▶ **WHAT TO WORK ON**: The answer is the full set of records, given again exactly and without images.

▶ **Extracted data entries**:
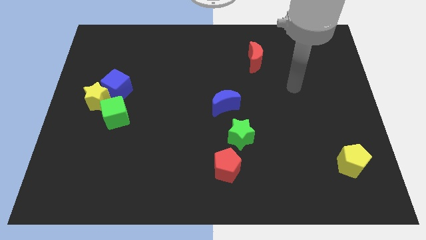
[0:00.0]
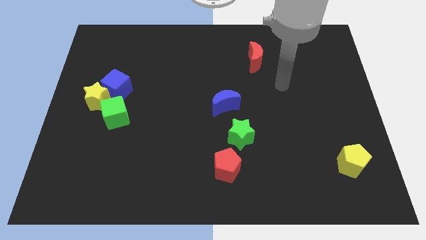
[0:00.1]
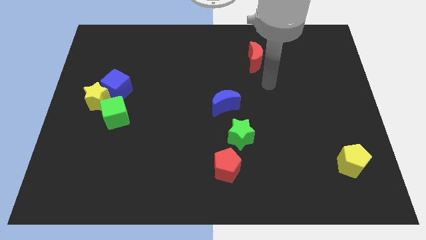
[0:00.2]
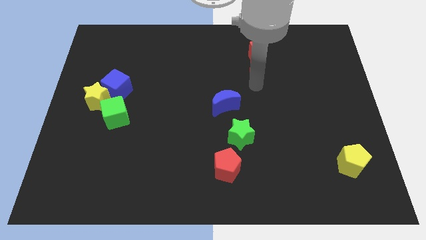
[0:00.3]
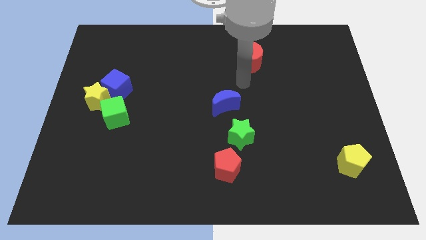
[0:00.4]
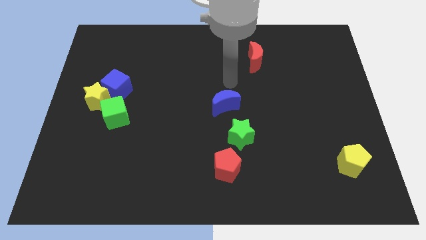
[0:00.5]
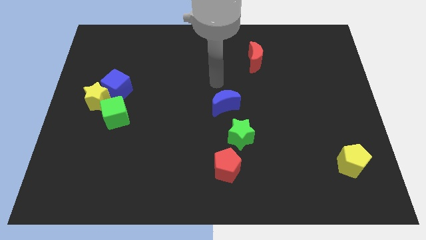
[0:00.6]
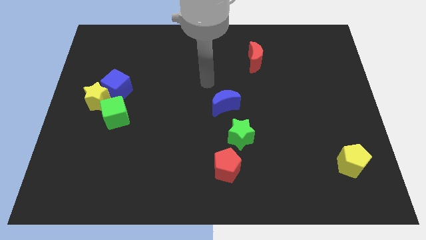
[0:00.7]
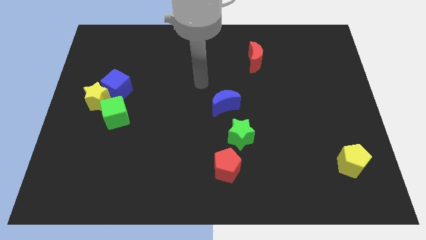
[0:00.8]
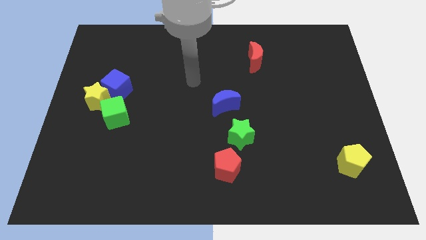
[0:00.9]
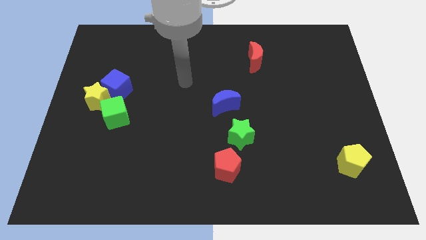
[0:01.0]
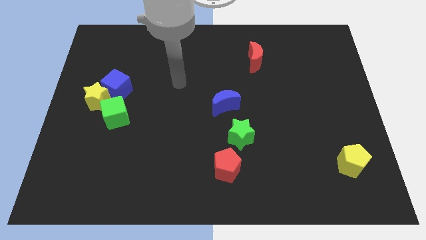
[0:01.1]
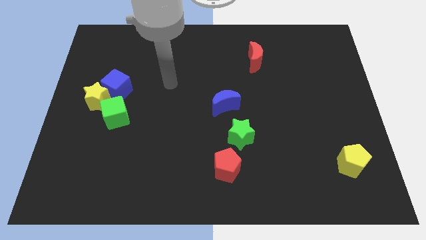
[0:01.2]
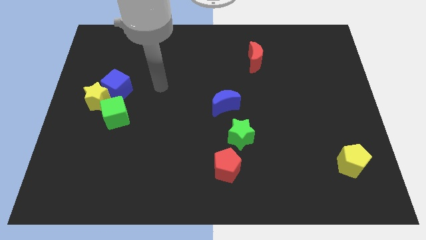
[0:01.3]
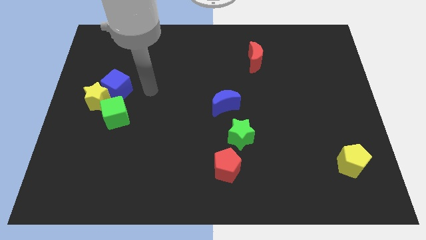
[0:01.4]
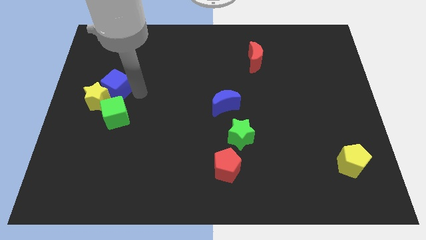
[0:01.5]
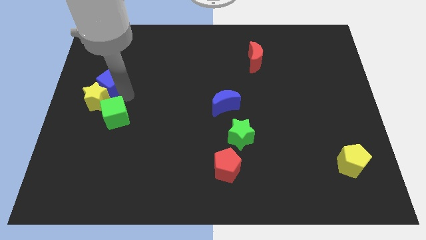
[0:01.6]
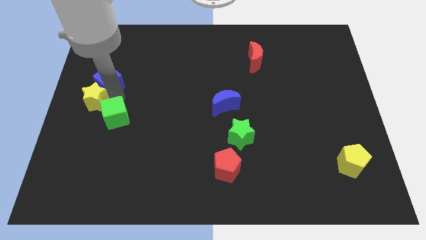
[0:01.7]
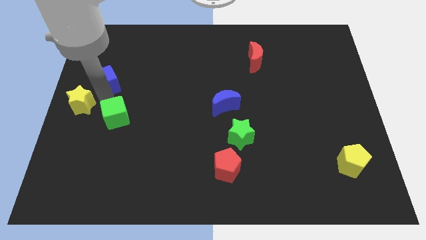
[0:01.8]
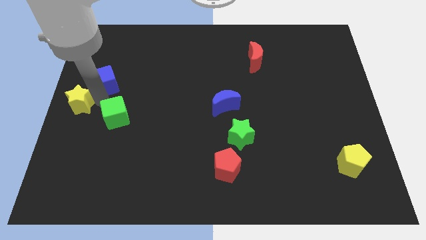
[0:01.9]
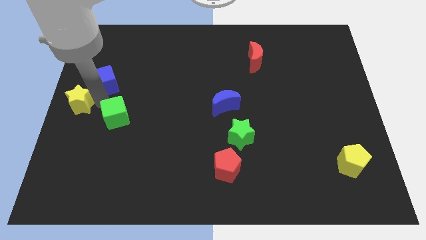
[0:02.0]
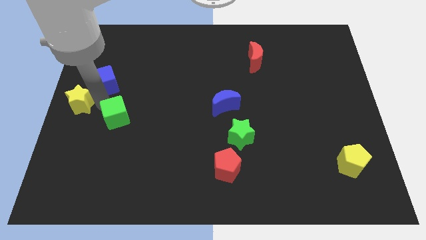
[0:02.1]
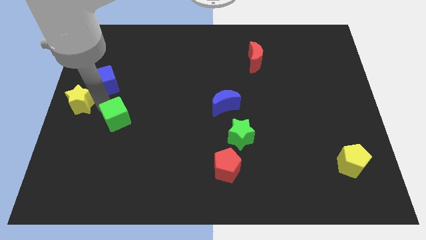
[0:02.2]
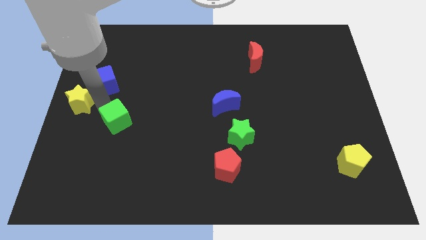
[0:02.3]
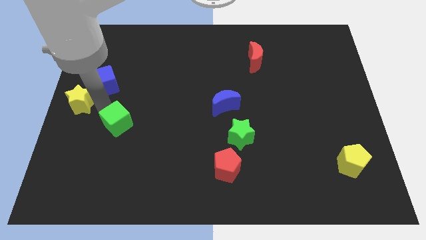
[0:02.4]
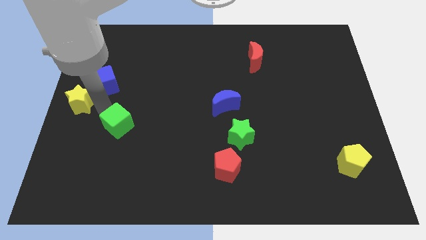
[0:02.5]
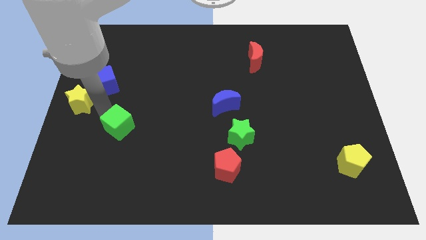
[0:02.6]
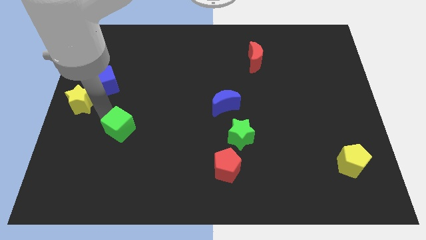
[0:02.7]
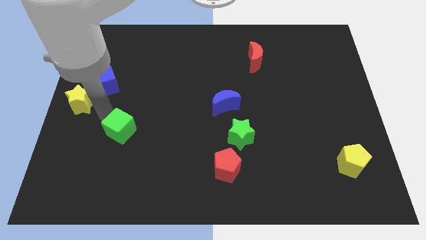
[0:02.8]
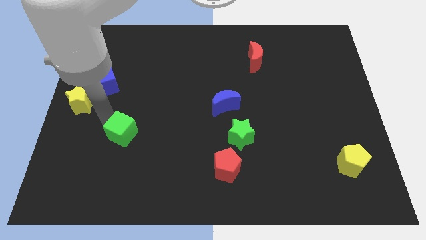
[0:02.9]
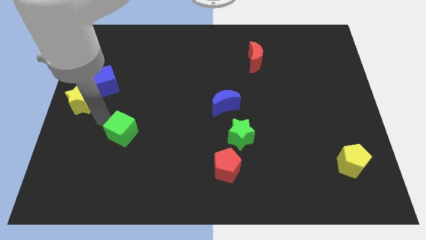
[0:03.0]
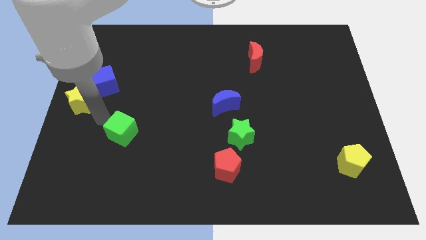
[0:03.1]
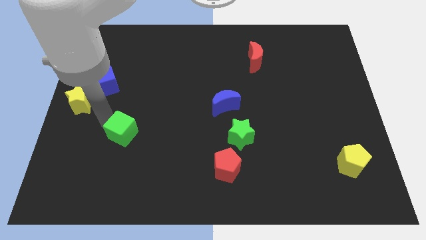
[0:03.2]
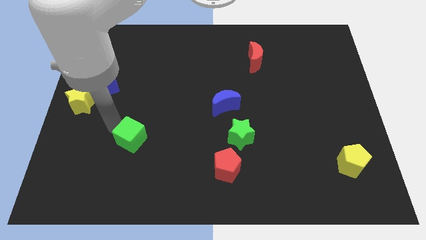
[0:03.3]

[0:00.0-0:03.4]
move the green cube down and then to the right somewhat

▶ **OUTPUT BELOW**:
[0:00.0]
[0:00.1]
[0:00.2]
[0:00.3]
[0:00.4]
[0:00.5]
[0:00.6]
[0:00.7]
[0:00.8]
[0:00.9]
[0:01.0]
[0:01.1]
[0:01.2]
[0:01.3]
[0:01.4]
[0:01.5]
[0:01.6]
[0:01.7]
[0:01.8]
[0:01.9]
[0:02.0]
[0:02.1]
[0:02.2]
[0:02.3]
[0:02.4]
[0:02.5]
[0:02.6]
[0:02.7]
[0:02.8]
[0:02.9]
[0:03.0]
[0:03.1]
[0:03.2]
[0:03.3]

[0:00.0-0:03.4]
move the green cube down and then to the right somewhat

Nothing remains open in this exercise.